§ **Problem to solve**
Your task is to repeat exactly the lines below between the line holding "land cover: Grassland with sparse" and the line holding "tree height: > 5 m", inclusive, and only those.

§ **Study material**
──────────────────────────────

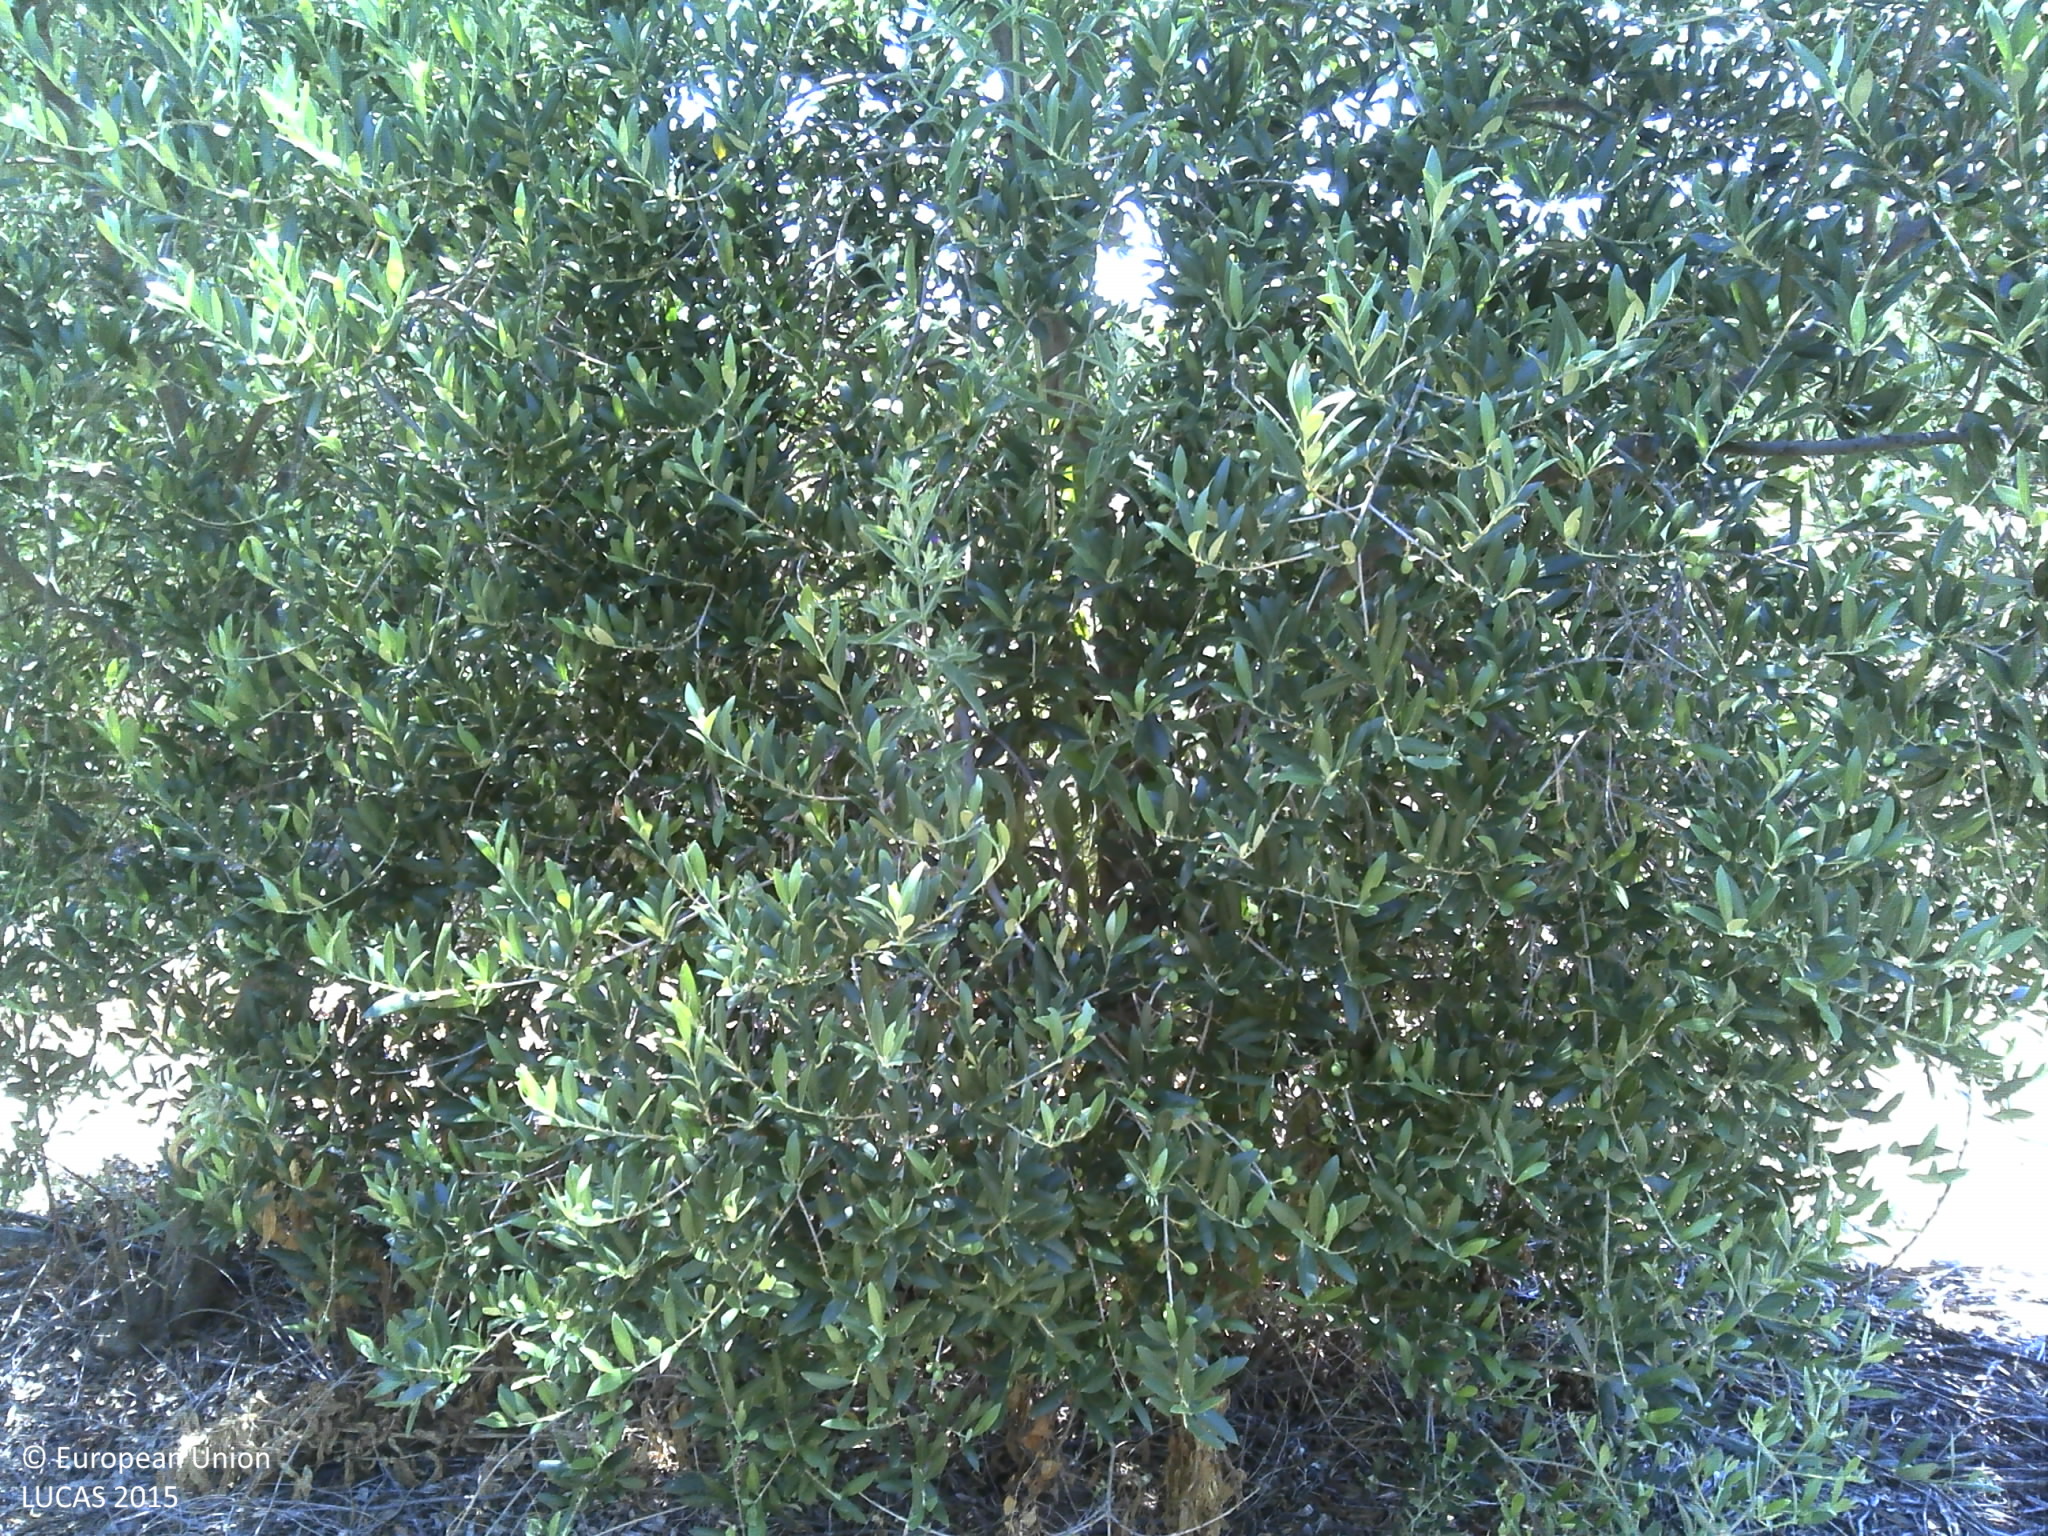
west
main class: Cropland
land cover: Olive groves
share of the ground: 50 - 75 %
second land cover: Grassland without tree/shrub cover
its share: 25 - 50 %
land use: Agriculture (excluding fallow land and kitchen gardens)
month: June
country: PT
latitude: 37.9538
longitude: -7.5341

──────────────────────────────

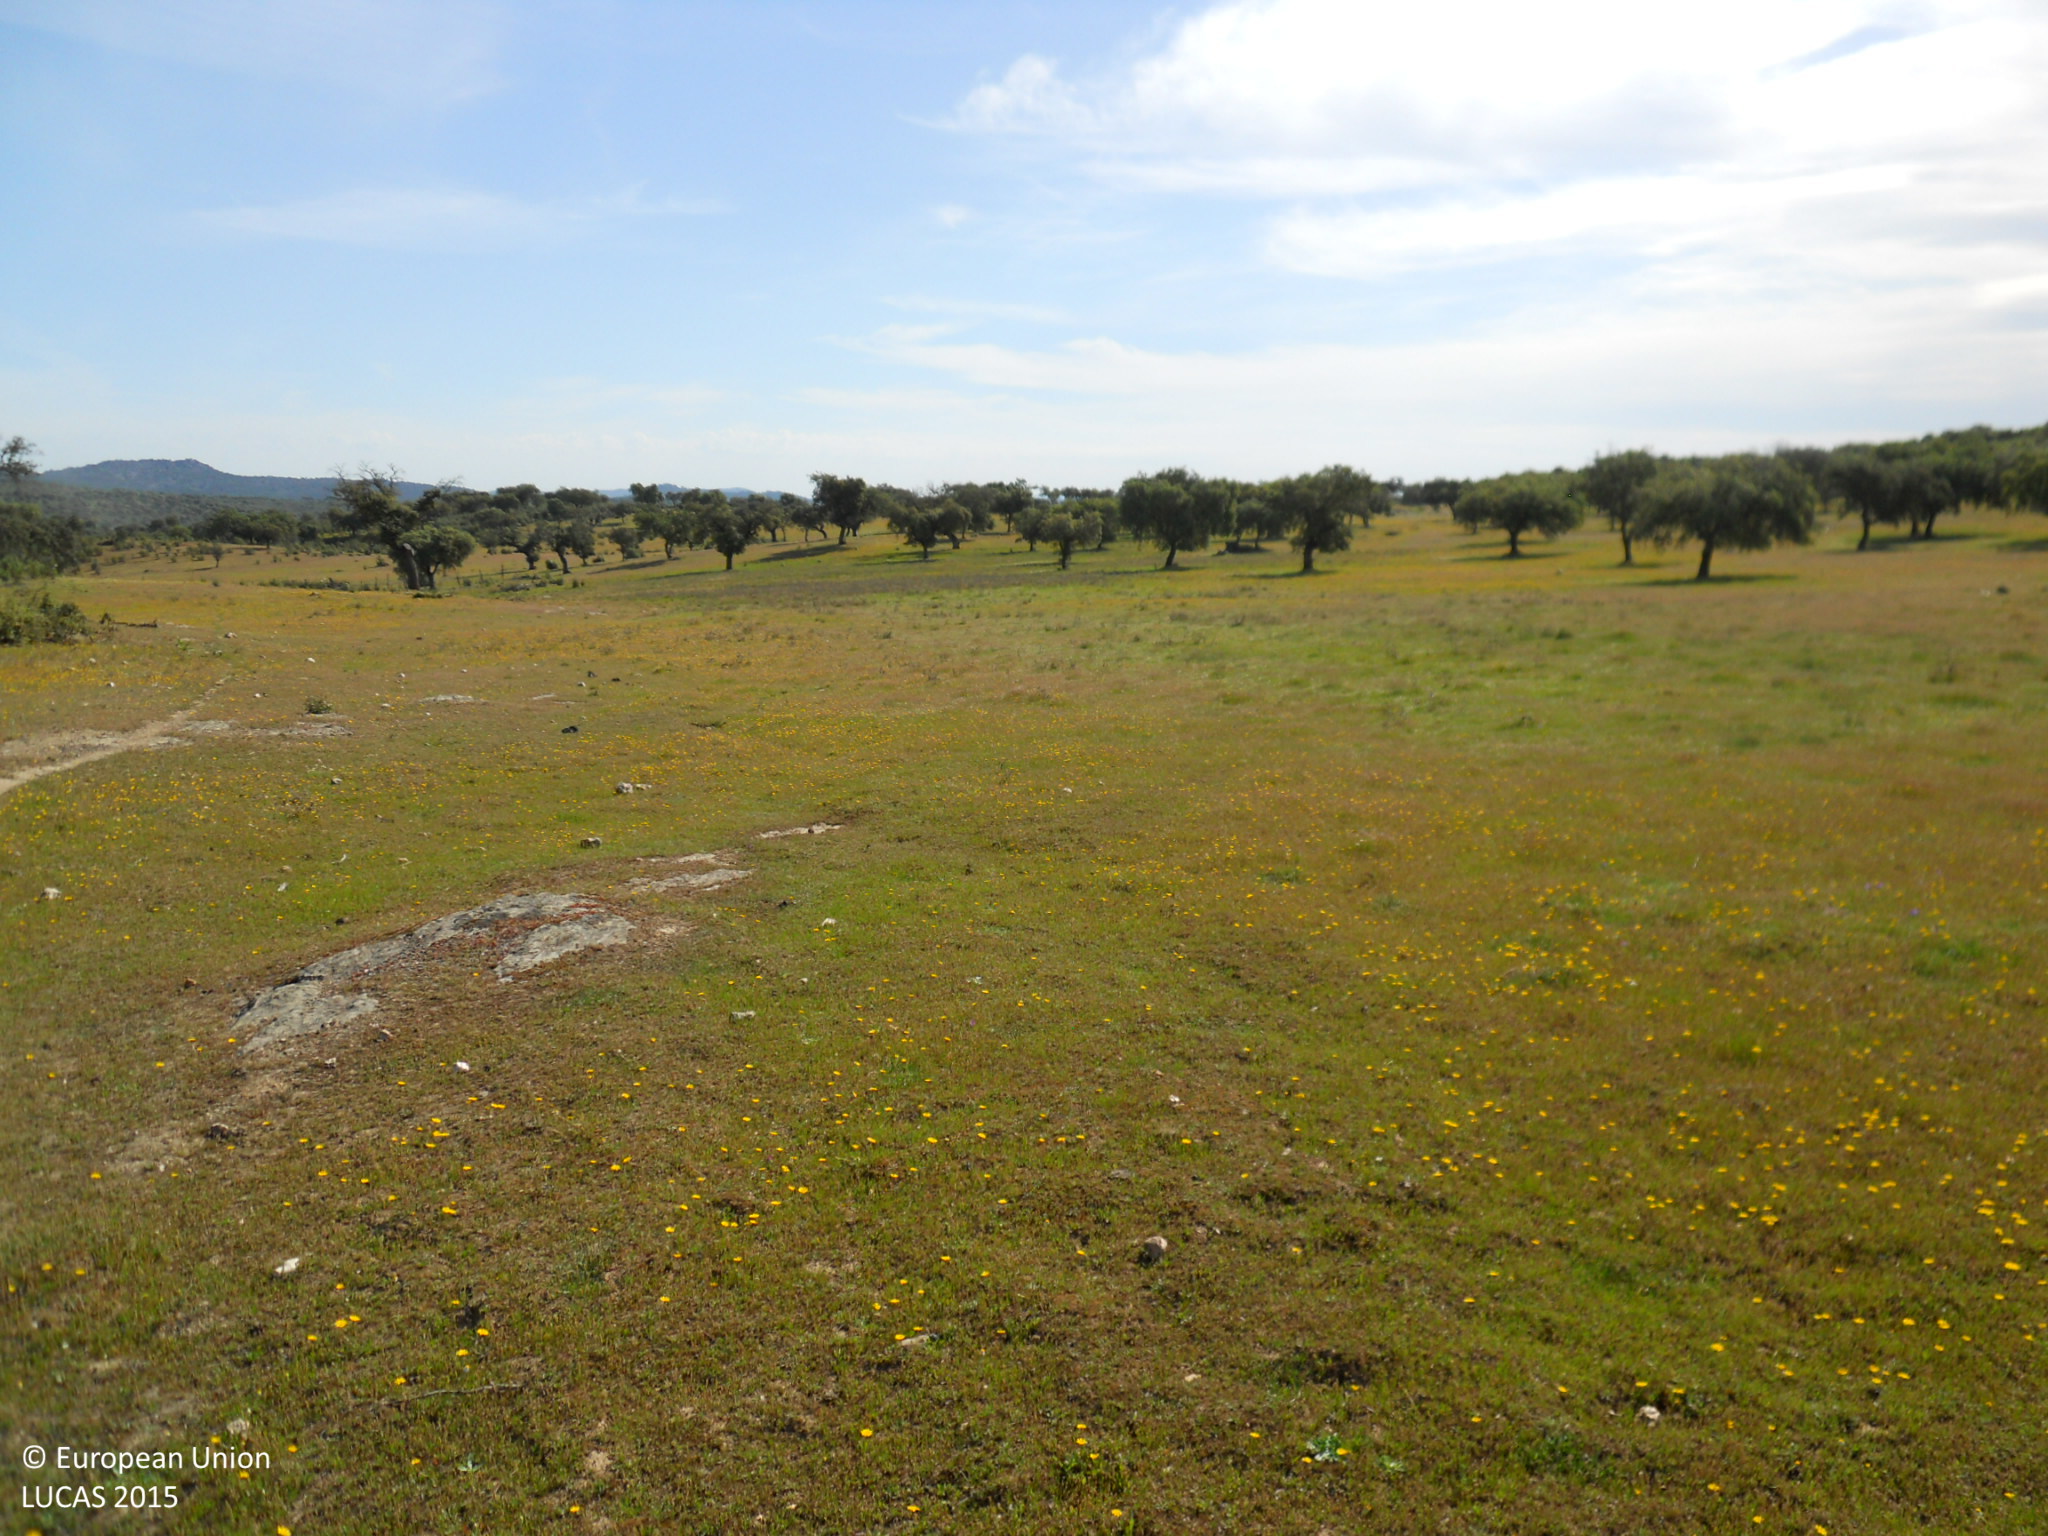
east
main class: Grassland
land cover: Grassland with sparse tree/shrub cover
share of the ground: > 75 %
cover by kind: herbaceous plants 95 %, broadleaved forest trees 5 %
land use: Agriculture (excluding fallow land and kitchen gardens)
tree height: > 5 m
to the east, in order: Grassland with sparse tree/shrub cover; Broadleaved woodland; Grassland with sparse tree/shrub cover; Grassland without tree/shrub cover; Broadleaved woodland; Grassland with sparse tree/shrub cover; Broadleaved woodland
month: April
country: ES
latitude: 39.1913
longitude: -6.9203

──────────────────────────────

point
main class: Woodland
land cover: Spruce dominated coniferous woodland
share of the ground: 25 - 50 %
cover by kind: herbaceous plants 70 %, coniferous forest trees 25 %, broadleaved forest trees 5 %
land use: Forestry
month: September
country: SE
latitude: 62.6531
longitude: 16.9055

──────────────────────────────

§ **Answer area**
land cover: Grassland with sparse tree/shrub cover
share of the ground: > 75 %
cover by kind: herbaceous plants 95 %, broadleaved forest trees 5 %
land use: Agriculture (excluding fallow land and kitchen gardens)
tree height: > 5 m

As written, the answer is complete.